Imagine que você decide curtir um momento especial com sua família, uma tarde de cinema cheia de pipoca e risadas, na esperança de simplesmente se desconectar e criar lembranças felizes. Era exatamente isso que o icônico rapper americano Snoop Dogg tinha em mente quando levou os netos para ver a aclamada produção da Pixar, “Lightyear”. Porém, o que seria um plano divertido tornou-se um ponto de viragem que, desde 2022, o levou a repensar completamente as suas idas ao cinema.
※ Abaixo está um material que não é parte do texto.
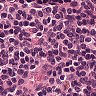
Metastatic tissue present: no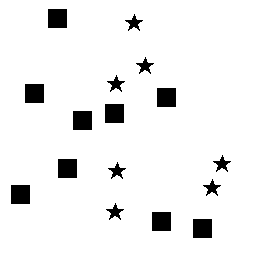
Squares: 9
Triangles: 0
Stars: 7
Total shapes: 16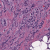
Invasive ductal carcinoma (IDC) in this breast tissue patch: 1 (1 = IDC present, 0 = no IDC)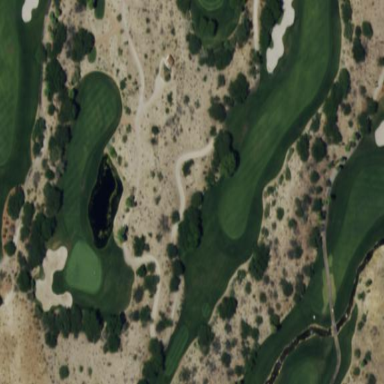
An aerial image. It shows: Area with grass used as rough in golf course.
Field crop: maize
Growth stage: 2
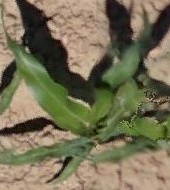
Species: maize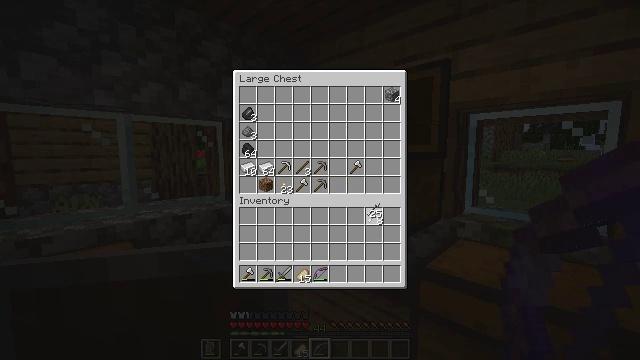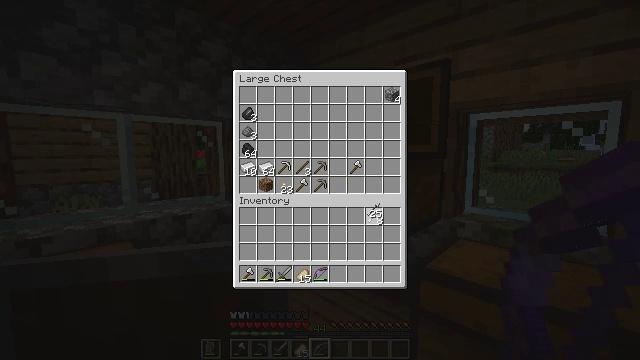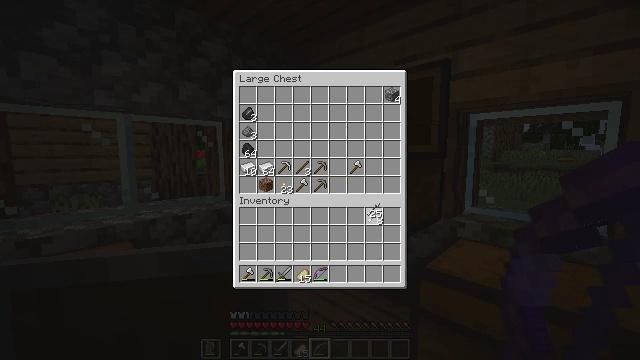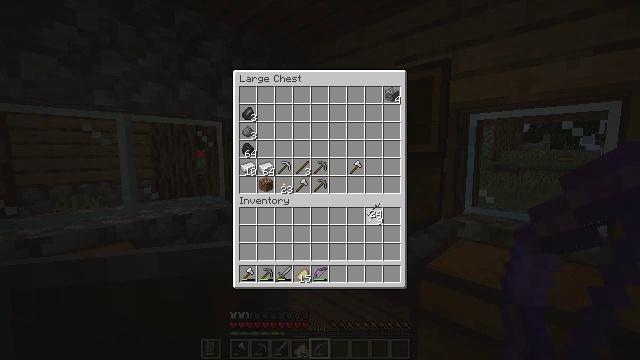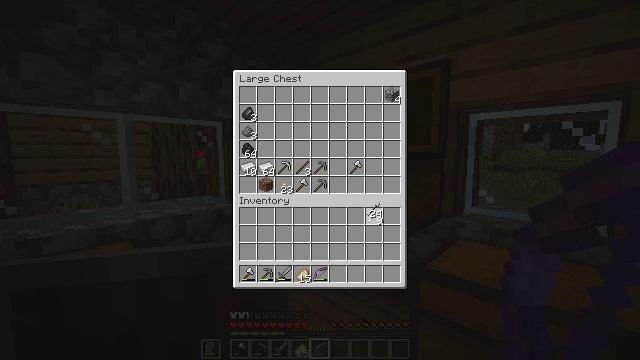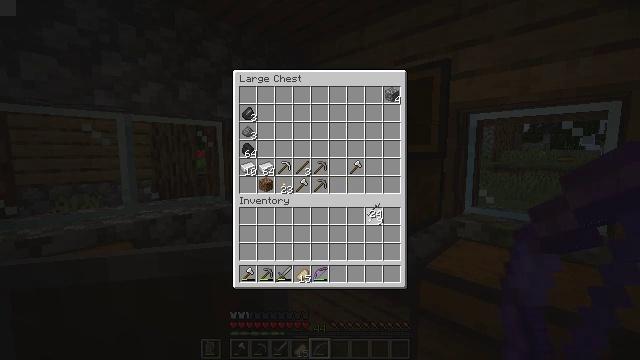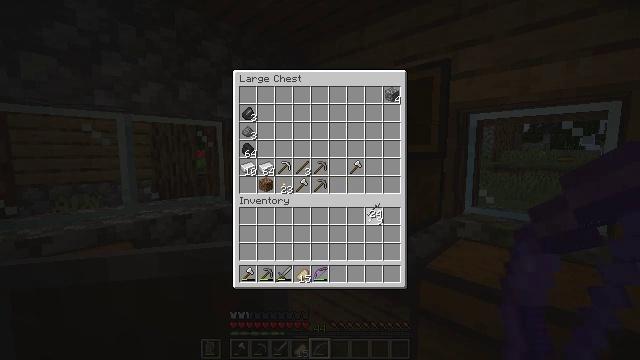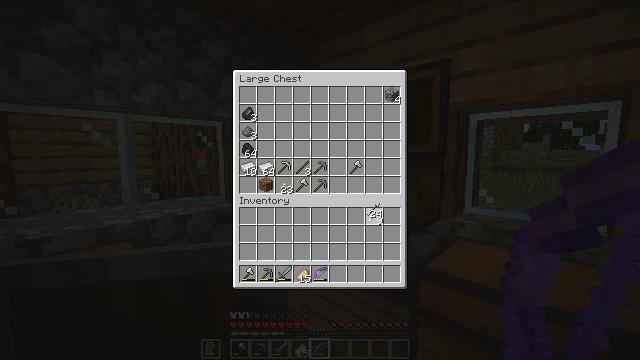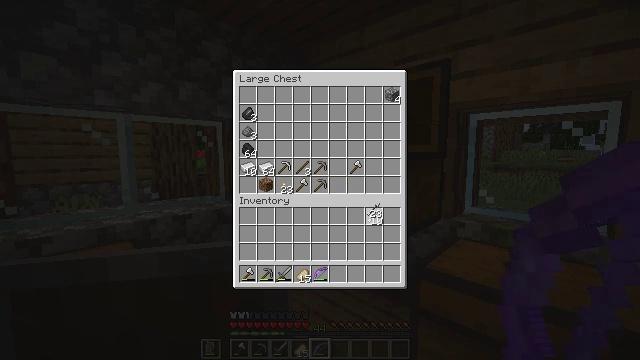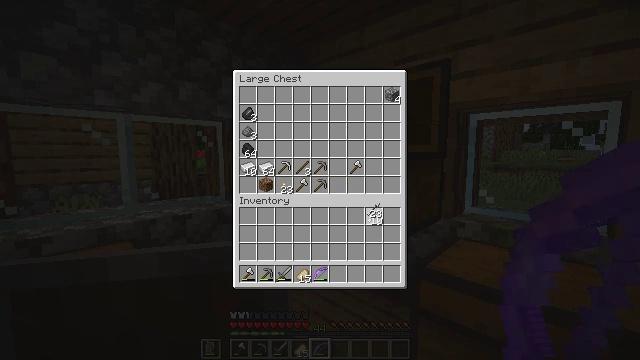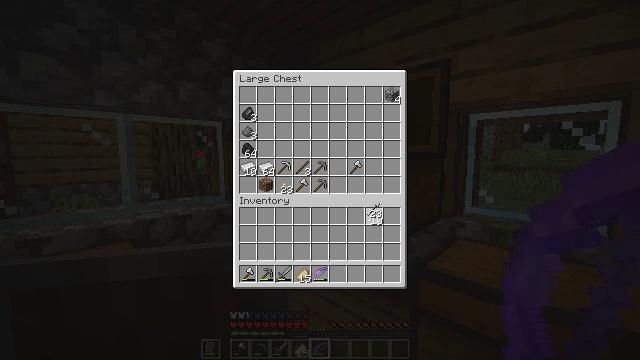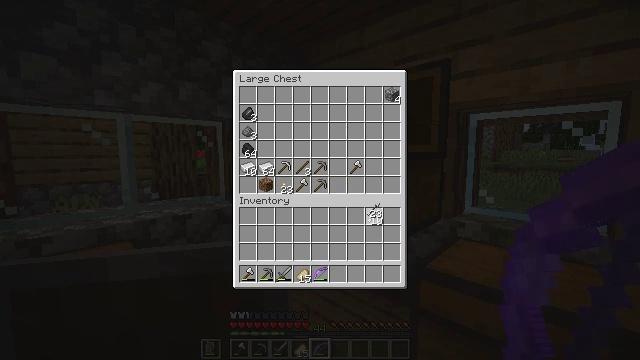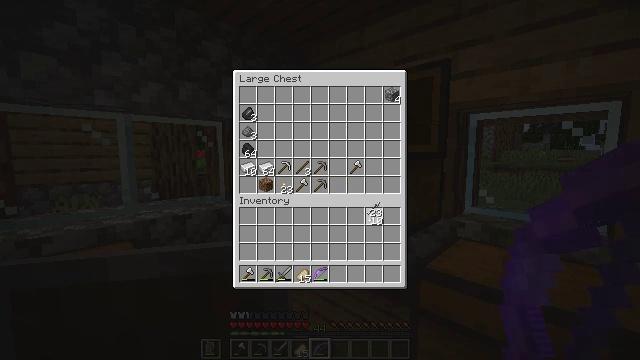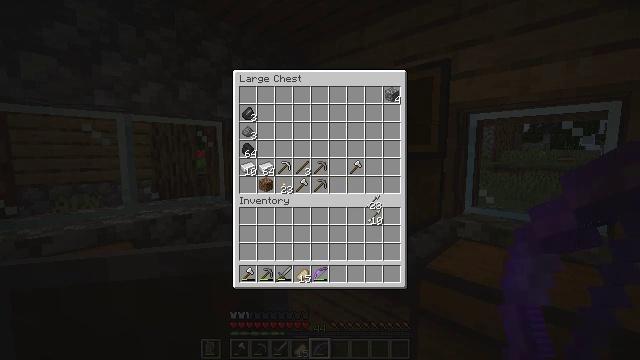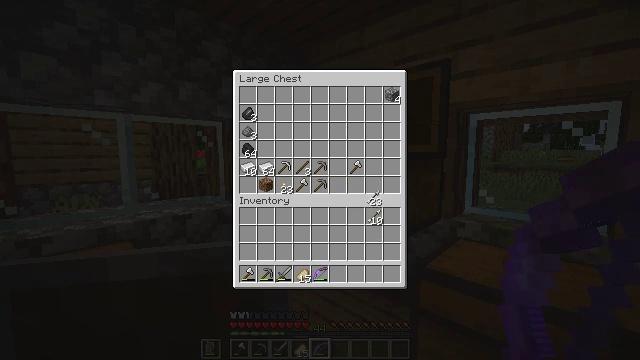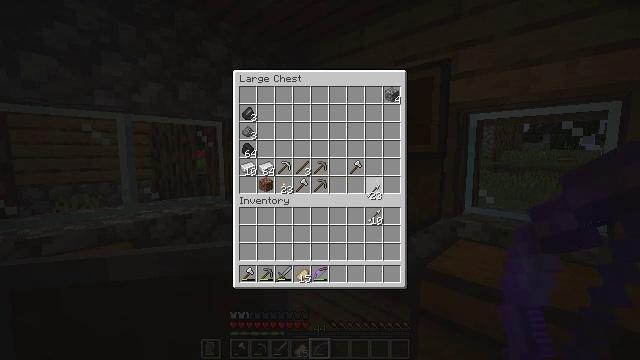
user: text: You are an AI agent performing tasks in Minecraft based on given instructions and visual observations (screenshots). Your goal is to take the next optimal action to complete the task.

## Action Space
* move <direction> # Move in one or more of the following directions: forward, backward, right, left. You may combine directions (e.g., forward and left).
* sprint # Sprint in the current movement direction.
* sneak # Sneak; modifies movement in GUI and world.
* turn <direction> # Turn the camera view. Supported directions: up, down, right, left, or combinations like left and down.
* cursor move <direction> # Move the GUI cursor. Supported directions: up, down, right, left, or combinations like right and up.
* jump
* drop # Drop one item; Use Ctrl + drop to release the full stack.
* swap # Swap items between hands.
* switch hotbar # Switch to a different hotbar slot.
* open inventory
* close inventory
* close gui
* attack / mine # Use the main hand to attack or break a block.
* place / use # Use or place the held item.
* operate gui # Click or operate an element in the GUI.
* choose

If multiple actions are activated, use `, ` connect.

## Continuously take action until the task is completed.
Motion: motion action
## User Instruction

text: Break the mob spawner.
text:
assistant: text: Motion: choose
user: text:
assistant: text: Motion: choose
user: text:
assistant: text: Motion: no_op
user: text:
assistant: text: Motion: no_op
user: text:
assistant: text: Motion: no_op
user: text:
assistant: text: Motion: choose
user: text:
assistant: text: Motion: choose
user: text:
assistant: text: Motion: no_op
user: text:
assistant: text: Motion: no_op
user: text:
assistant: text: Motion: no_op
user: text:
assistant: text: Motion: no_op
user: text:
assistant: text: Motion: no_op
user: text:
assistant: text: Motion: cursor move up
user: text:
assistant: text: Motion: no_op
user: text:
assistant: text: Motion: no_op
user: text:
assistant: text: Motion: no_op
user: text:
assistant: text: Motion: operate gui
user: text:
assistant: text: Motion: operate gui
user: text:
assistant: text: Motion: operate gui
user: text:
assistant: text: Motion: no_op
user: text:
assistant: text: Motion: no_op
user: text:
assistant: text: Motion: no_op
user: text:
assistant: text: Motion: no_op
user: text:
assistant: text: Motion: no_op
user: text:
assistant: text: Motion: close gui
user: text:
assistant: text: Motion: open inventory
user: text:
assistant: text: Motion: turn right
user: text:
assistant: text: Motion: turn right and down
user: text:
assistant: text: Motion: move forward and move right, turn right and down
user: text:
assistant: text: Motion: move forward and move right, turn right and down

A magia da sétima arte reside no seu poder de nos transportar, inspirar e, por vezes, confrontar-nos com novas perspectivas. Para Snoop Dogg, a exibição de “Lightyear” tornou-se uma daquelas experiências que deixa uma marca profunda, embora não exatamente da forma que ele esperava. Durante um bate-papo sincero e revelador no podcast “It’s Giving”, o lendário cantor de “Gin and Juice” compartilhou abertamente que uma cena em particular o deixou profundamente desconfortável e fora de sua zona de conforto.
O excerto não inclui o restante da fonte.